Labrador City native Joey Russell skates his free program at the BMO Canadian figure skating championships in Victoria, B.C., on Sunday. Russell finished third in the senior men's division, meaning he will be part of the Canadian team competing in the world championships in Tokyo in March.

By John Browne

The Telegram

Joey Russell came very close to giving up figure skating. And that’s a shocking revelation when you consider the 22-year-old Labrador City native won the bronze medal at the 2011 BMO Canadian figure skating championships in Victoria, B.C., over the weekend.

“This year could have been my last,” he told The Telegram in a telephone interview from Barrie, Ont., where he lives and trains.

“If I had another disappointing skate, it wouldn’t have been good for my confidence, and I might have wanted to move on.”

The “disappointing skate” to which he referred was his long program at the 2010 national championships, where he finished fifth after having been in third place entering the final skate. The result knocked him out of a shot at a Vancouver Olympic berth.

However, he ultimately set aside his frustrations and resolved to stick around this year.

It’s a decision that has paid big dividends.

“My confidence just built and built, so it just goes to show, you never really know what’s going to happen. You never know what you are capable of.

“But,” he added, “I will be taking it one year at a time.”

Still, Russell conceded, he hopes to build on the bronze medal and said if everything keeps working out, he isn’t ruling out  trying to compete for a spot at the 2014 Winter Olympics in Sochi, Russia.

“I just want to keep myself healthy and keep the hunger for the sport.”

That hunger was satisfied, at least temporarily, in Victoria.

“It does seem like a long time coming,” said Russell, “because when I first moved into the senior competition, the transition from junior wasn’t as smooth or easy for me as it has been for some.

“I felt I was capable of doing some of the jumps and programs, but just the belief in yourself that you deserve to be on the podium took some time to acquire that sort of confidence.”

After his 2010 disappointment, Russell said he sort of took a different approach to skating, “in that I just did it to enjoy it,  knowing that I was lucky to be able to do it.”

There were setbacks, nevertheless.
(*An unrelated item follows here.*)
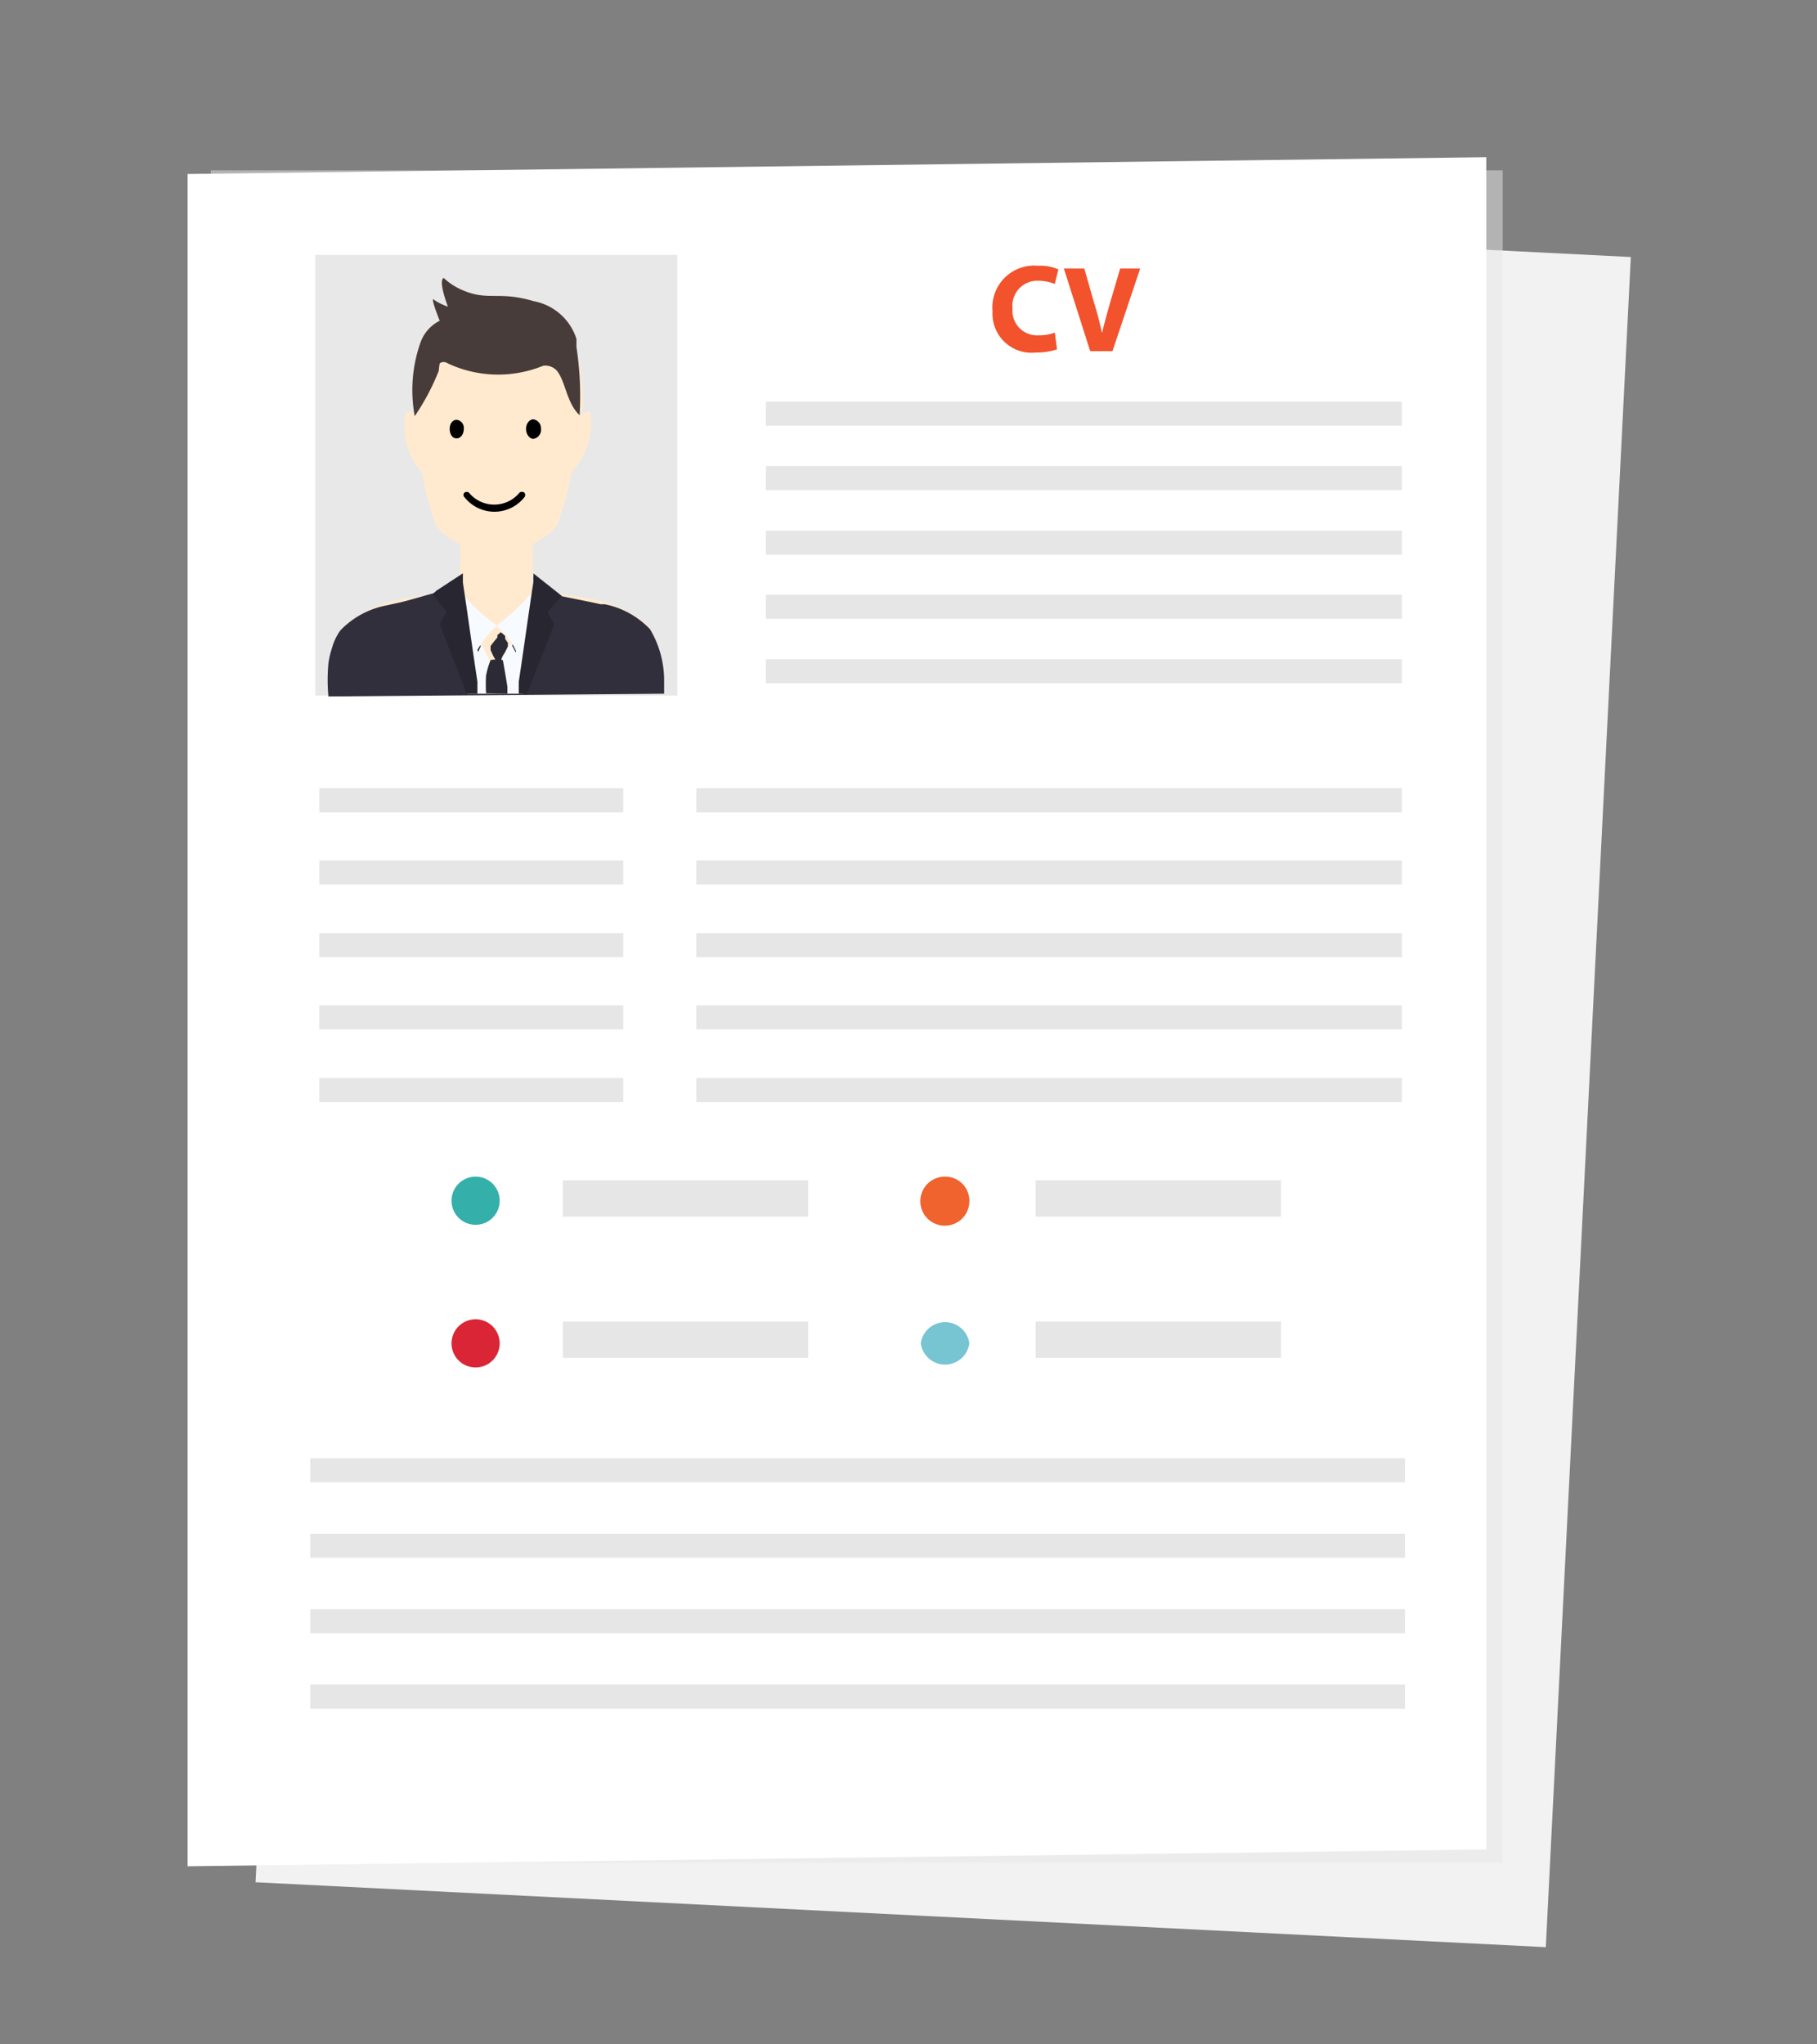 <svg xmlns="http://www.w3.org/2000/svg" viewBox="0 0 40 45"><rect x="0" y="0" width="40" height="45" fill="#808080" stroke="none"/><defs><style>.cls-1{isolation:isolate;}.cls-2{fill:#f2f2f2;}.cls-13,.cls-3{fill:#e6e6e6;}.cls-3{opacity:0.5;mix-blend-mode:multiply;}.cls-4{fill:#fff;}.cls-5{fill:#e8e8e8;}.cls-6{fill:#ffeacf;}.cls-7{fill:#473c39;}.cls-8{fill:#322f3d;}.cls-9{fill:#f7faff;}.cls-10{fill:#2c2a35;}.cls-11{fill:#282631;}.cls-12{fill:#f2522c;}.cls-14{fill:#35afa9;}.cls-15{fill:#da2536;}.cls-16{fill:#f0622e;}.cls-17{fill:#77c4d3;}</style></defs><title>job</title><g class="cls-1"><g id="レイヤー_1" data-name="レイヤー 1"><rect class="cls-2" x="2.14" y="9.33" width="37.25" height="28.44" transform="translate(-3.8 43.1) rotate(-87.12)"/><rect class="cls-3" x="4.64" y="3.75" width="28.44" height="37.25"/><polygon class="cls-4" points="32.72 40.71 4.13 41.08 4.13 3.83 32.72 3.46 32.72 40.71"/><rect class="cls-5" x="6.94" y="5.61" width="7.97" height="9.7"/><path class="cls-6" d="M14.61,15.27c0-.18,0-1.27-.45-1.59a2.67,2.67,0,0,0-1.16-.5c-.29-.07-1-.1-1.16-.29s-.1-.92-.1-.92c.52-.28.55-.48.55-.48a6.45,6.45,0,0,0,.29-1.09A1.6,1.6,0,0,0,13,9.12c0-.14-.16,0-.16,0s-.09.14,0-.19a5.58,5.58,0,0,0-.17-1.27l-1.66.53L9.27,7.63A5.17,5.17,0,0,0,9.11,8.9c.05.33,0,.19,0,.19S9,9,8.92,9.12a1.53,1.53,0,0,0,.37,1.28,6.16,6.16,0,0,0,.28,1.09s0,.2.55.48c0,0,.07.72-.1.92s-.87.22-1.15.29a2.57,2.57,0,0,0-1.16.5c-.45.32-.49,1.41-.46,1.59Z"/><path class="cls-7" d="M12.24,8.14c.21.22.22.72.52,1a7.12,7.12,0,0,0-.07-1.5s0,0,0-.18a1.22,1.22,0,0,0-.94-.83c-.77-.23-1,0-1.56-.24a1.39,1.39,0,0,1-.42-.27s-.14,0,.09.63a1.28,1.28,0,0,1-.29-.14c-.13-.14.11.45.11.45a.86.86,0,0,0-.42.47,3.15,3.15,0,0,0-.13,1.63,5.07,5.07,0,0,0,.53-1A1.17,1.17,0,0,1,9.68,8s.07-.07.18,0a2.62,2.62,0,0,0,2.1.05A.35.35,0,0,1,12.24,8.14Z"/><path class="cls-8" d="M14.62,15.27V15a2.2,2.2,0,0,0-.31-1.15h0a1.88,1.88,0,0,0-1-.55l-.09,0c-.39-.09-1.24-.24-1.36-.3s-.44.77-.44.77a4.83,4.83,0,0,1-.52,1.2h0a2.94,2.94,0,0,1-.4-1.2s-.37-.74-.56-.77-.71.16-1.13.26l-.32.07a1.88,1.88,0,0,0-1,.55h0a1.21,1.21,0,0,0-.18.38,1.87,1.87,0,0,0-.08.34,3.92,3.92,0,0,0,0,.73Z"/><path class="cls-9" d="M10,14.42c.06.2.16.39.22.59s.06.15.07.2a.13.13,0,0,1,0,.06h1.22l0-.22c.06-.2.19-.39.25-.58.1-.36.12-.66.22-1,0-.13.18-.31.21-.43H12.2l0,0a1.84,1.84,0,0,0-.15.18l-.28.39c-.06.09-.13.2-.19.31a4.53,4.53,0,0,0-.23.44,1.28,1.28,0,0,0-.11-.2l-.21.39h0a.44.44,0,0,0-.25,0c-.06-.13-.12-.26-.19-.39l0,.06a.75.75,0,0,0-.06.13c-.06-.12-.11-.23-.17-.34-.15-.26-.29-.49-.41-.66A3.17,3.17,0,0,0,9.67,13c0,.12.14.3.18.42C10,13.81,9.91,14.07,10,14.42Z"/><path class="cls-10" d="M11.17,15.27s0-.1,0-.15c-.05-.32-.1-.59-.1-.59s0,0-.07,0a.43.43,0,0,0-.2,0,1.87,1.87,0,0,0-.1.34,3.42,3.42,0,0,0,0,.39Z"/><path class="cls-10" d="M10.78,14.55h0l.05,0h.21l0-.05a.54.54,0,0,1,.07-.13l.07-.14,0-.08-.06-.09L11.12,14l0,0,0,0,0,0s-.08-.08-.1-.08a.07.07,0,0,0,0,0l-.07.06,0,.05,0,0-.09.11-.06.08,0,.09.06.13a.91.91,0,0,1,.07.14Z"/><path class="cls-9" d="M11.37,14.36a1,1,0,0,0-.07-.15,2.42,2.42,0,0,0-.37-.44,4.2,4.2,0,0,0,.78-.73l0,0a1.77,1.77,0,0,0,0-.39l.12.11.18.16.18.15,0,0a6.58,6.58,0,0,0-.58.83.41.41,0,0,1,0,.09l-.07.13a.83.83,0,0,1-.07.13Z"/><path class="cls-9" d="M10.48,14.36a1.19,1.19,0,0,1,.09-.15,2,2,0,0,1,.37-.44,4.17,4.17,0,0,1-.79-.73v0a1.67,1.67,0,0,1,0-.39l-.13.11-.19.16L9.65,13l0,0a6.88,6.88,0,0,1,.57.83.41.41,0,0,1,.05.09.67.67,0,0,1,.06.12l.07.13S10.47,14.33,10.48,14.36Z"/><path class="cls-11" d="M11.6,15.27c.06-.14.11-.27.16-.4.15-.38.3-.76.44-1.13l-.15-.27c.08-.09.17-.18.25-.28l.07-.07-.1-.08-.53-.42a.15.15,0,0,1,0,.07s0,.09,0,.13c-.11.73-.21,1.46-.32,2.19l0,.26Z"/><path class="cls-11" d="M9.83,13.47l-.15.27c.14.37.29.75.44,1.13l.15.4h.24l0-.26c-.11-.73-.21-1.46-.32-2.19,0,0,0-.09,0-.13v-.07L9.61,13l-.09.08.06.07Z"/><path d="M10.21,9.44c0,.12-.07.21-.16.21s-.15-.09-.15-.21.07-.2.15-.2A.18.18,0,0,1,10.21,9.44Z"/><path d="M11.91,9.44a.2.2,0,0,1-.17.22c-.08,0-.16-.1-.16-.22s.08-.21.16-.21A.2.2,0,0,1,11.91,9.44Z"/><path d="M11.54,10.84a.08.08,0,0,1,0,.11.84.84,0,0,1-1.31,0,.07.07,0,0,1,0-.11h0a.09.09,0,0,1,.09,0,.72.72,0,0,0,1.12,0,.1.1,0,0,1,.1,0Z"/><path class="cls-12" d="M23.27,7.69a1.44,1.44,0,0,1-.47.07.86.86,0,0,1-.95-.91.92.92,0,0,1,1-1,1,1,0,0,1,.45.08l-.08.32a1,1,0,0,0-.35-.07.55.55,0,0,0-.58.61.54.54,0,0,0,.58.59.91.91,0,0,0,.35-.06Z"/><path class="cls-12" d="M24,7.73l-.58-1.82h.45l.22.77c.07.22.12.43.17.65h0c.05-.21.11-.43.17-.64l.23-.78h.44l-.61,1.82Z"/><rect class="cls-13" x="16.86" y="8.84" width="14" height="0.53"/><rect class="cls-13" x="7.03" y="17.35" width="6.69" height="0.53"/><rect class="cls-13" x="12.39" y="25.98" width="5.4" height="0.8"/><rect class="cls-13" x="12.39" y="29.09" width="5.4" height="0.8"/><rect class="cls-13" x="22.8" y="25.98" width="5.4" height="0.8"/><rect class="cls-13" x="22.8" y="29.09" width="5.4" height="0.8"/><rect class="cls-13" x="7.03" y="18.94" width="6.69" height="0.53"/><rect class="cls-13" x="7.03" y="20.54" width="6.69" height="0.53"/><rect class="cls-13" x="7.03" y="22.13" width="6.69" height="0.53"/><rect class="cls-13" x="7.03" y="23.73" width="6.69" height="0.53"/><rect class="cls-13" x="15.33" y="17.35" width="15.53" height="0.53"/><rect class="cls-13" x="15.33" y="18.94" width="15.53" height="0.53"/><rect class="cls-13" x="15.33" y="20.54" width="15.53" height="0.53"/><rect class="cls-13" x="15.33" y="22.13" width="15.53" height="0.53"/><rect class="cls-13" x="15.33" y="23.73" width="15.53" height="0.53"/><rect class="cls-13" x="6.83" y="32.1" width="24.1" height="0.53"/><rect class="cls-13" x="6.83" y="33.76" width="24.1" height="0.53"/><rect class="cls-13" x="6.83" y="35.42" width="24.1" height="0.53"/><rect class="cls-13" x="6.83" y="37.08" width="24.1" height="0.53"/><rect class="cls-13" x="16.86" y="10.26" width="14" height="0.53"/><rect class="cls-13" x="16.86" y="11.68" width="14" height="0.53"/><rect class="cls-13" x="16.86" y="13.09" width="14" height="0.53"/><rect class="cls-13" x="16.86" y="14.51" width="14" height="0.53"/><path class="cls-14" d="M11,26.43a.53.53,0,0,1-1.06,0,.53.53,0,0,1,1.06,0Z"/><path class="cls-15" d="M11,29.57a.53.53,0,0,1-1.06,0,.53.53,0,1,1,1.06,0Z"/><path class="cls-16" d="M21.34,26.43a.54.54,0,1,1-.53-.53A.53.53,0,0,1,21.34,26.43Z"/><path class="cls-17" d="M21.34,29.57a.54.54,0,0,1-1.07,0,.54.54,0,0,1,1.07,0Z"/></g></g></svg>

He sprained his ankle just before qualifying for the nationals, which seeded him lower for program placement in Victoria..

“So then it became a mental game going into the nationals and I decided on the plane heading to (British Columbia) that if I wanted it to be my week, I’d have to put every negative thought behind me,” said Russell.

“And as soon as I stepped on the ice in Victoria … from the first moment, it was a sort of like an upward climb for the week.”

Russell, was sitting in third place after the short program in Victoria, the same position he was in at last year’s nationals.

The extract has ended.